Robert Capon, contemporary pastor, theologian and author knocks us over with this quote which I paraphrase:   "What happened to radical Christianity--the brand of Christianity that turned the world upside down?  What happened to the category smashing, life threatening, anti-institutional gospel that spread through the first century like wildfire and was considered by the powerful elites to be dangerous?  What happened to the kind of Christians whose hearts were on fire with radical and inclusive grace... who made the power structures of the world uncomfortable and squirm; who were willing to follow Jesus wherever and to whomever he went?  What happened to the kind of Christians who were filled with passion and whom every single day were unable to get over the grace and compassion of God and lavishly spread it around?    What happened?   I'm ready for a Christianity that challenges my life, captures my heart and makes me uncomfortable. I want to be filled with astonishment which is so captivating that I am considered wild and unpredictable and dangerous!   Yes, I want to be 'dangerous' to a dull, boring, exclusive and judgmental, status quo religion.  I want a faith that is considered risky by our predictable and partitioned culture.   What happened?"

What happened is... it’s easier to domesticate Jesus and make him look more like us than we like him, especially when Jesus asks too much or challenges us to change our insider-exclusive attitudes.

What happened is… it is easier to delude ourselves and mistake the gospel life for a life of narrow personal piety rather than a wider-spectrum social morality that embraces others with the  passionate compassion of God and is concerned about issues of justice!

What happened is… it’s easier to become pre-occupied with our own self-righteousness and the faults of others rather than be astonished by Divine grace.

What happened is… it’s easier to be blinded by our insulating walls than to see God at work outside of our walls.

What happened is… we forget that compassion/grace is offensive to a world that bears the open wounds of prejudice.

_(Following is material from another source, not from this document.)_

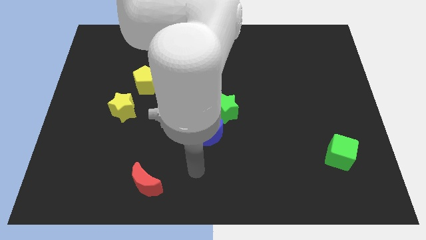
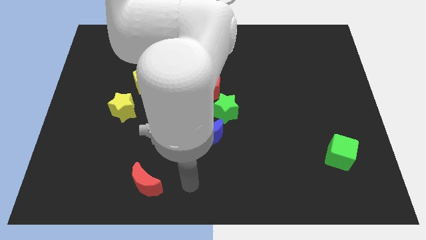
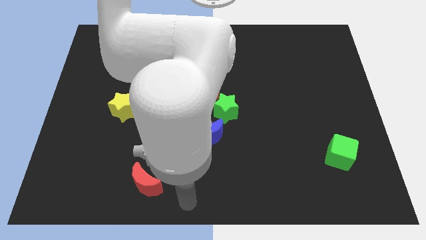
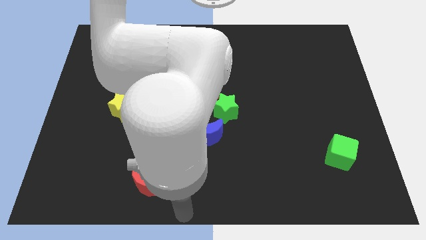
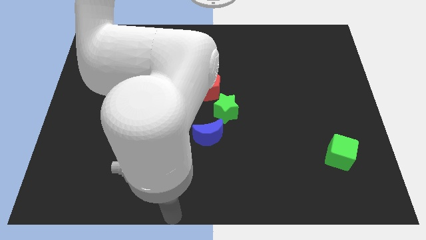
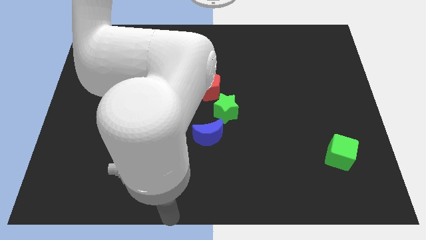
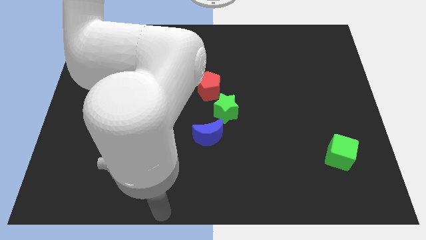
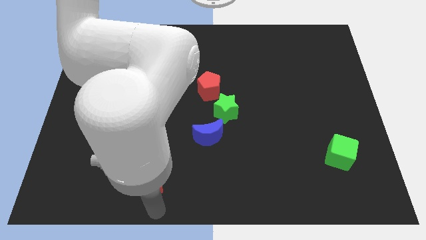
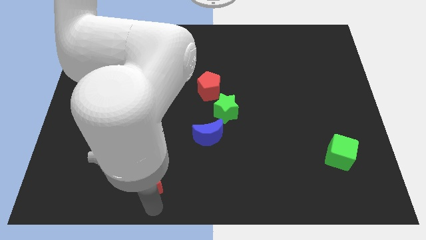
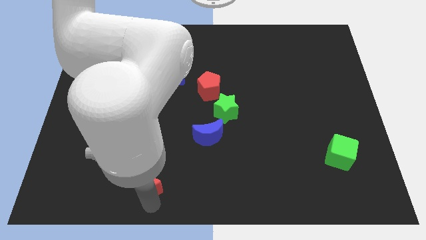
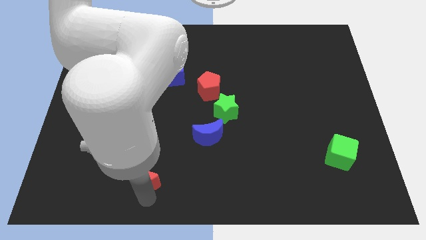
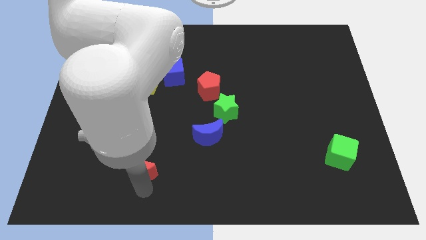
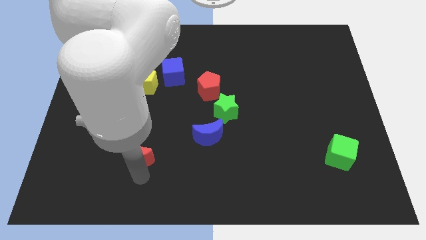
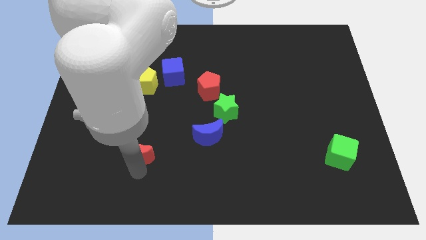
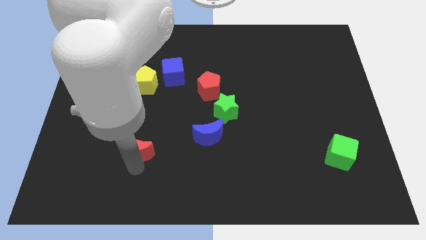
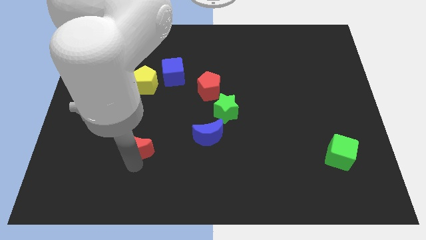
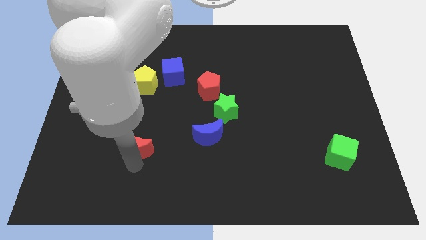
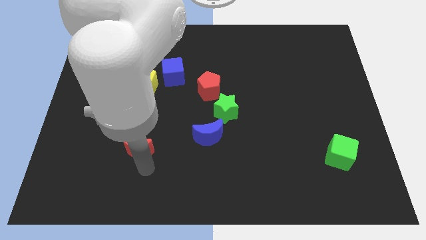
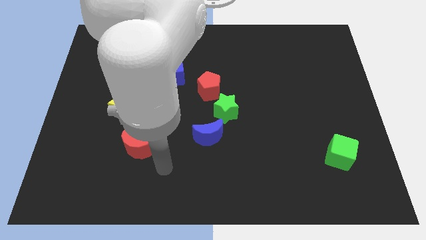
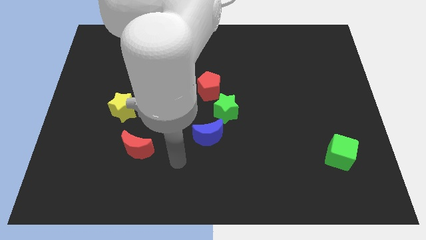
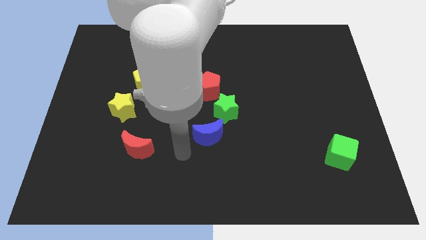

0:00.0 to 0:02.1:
move the red moon to the left of blue moon

There is no better word that describes the nature of Jesus’ life and ministry than compassion. 

One way I think of my life is a series of concentric circles (like I showed the children).   I live most of the time intentionally in the tiny center circle – focusing my attention and energy on self concerns and the people I love and like the most: my family, my friends, the people most like me with whom I have the most in common. 

But the compassion and grace of Jesus moves me beyond my tiny center circle.  If I open my life to him and bring him into my center circle, I find and experience that he is a kind of powerful energy, a centrifugal force that will not let me stay in my safe and secure center and get too comfortable, but he pushes me outward into the outer rings of life where the needs of others are great; the suffering of others can be intense; where I am uncomfortable but challenged to live with the compassion and grace of Jesus Christ.

We see this very thing in our epistle for today. Paul, challenges the Roman congregation to live with “genuine love” beginning in the inner circle calling upon the people of the congregation to love each other with zeal and mutual affection. But it doesn’t end there; it only begins there.  The centrifugal force of compassion pushes them outward toward strangers to whom they are show “hospitality” and finally into those outer rings toward their adversaries and enemies showing expressions of love even to them.  The compassion of Jesus Christ is like centrifugal force set loose in the center of our lives.  It’s “offensive” in that does not let us get too comfortable and too content and too self-satisfied but always pushes us past the boundaries we draw and the limits that we set. It is the offense of compassion and grace.  And in the end it is good news for insiders and outsiders alike for we, in the process, what it means to be fully alive and fully human!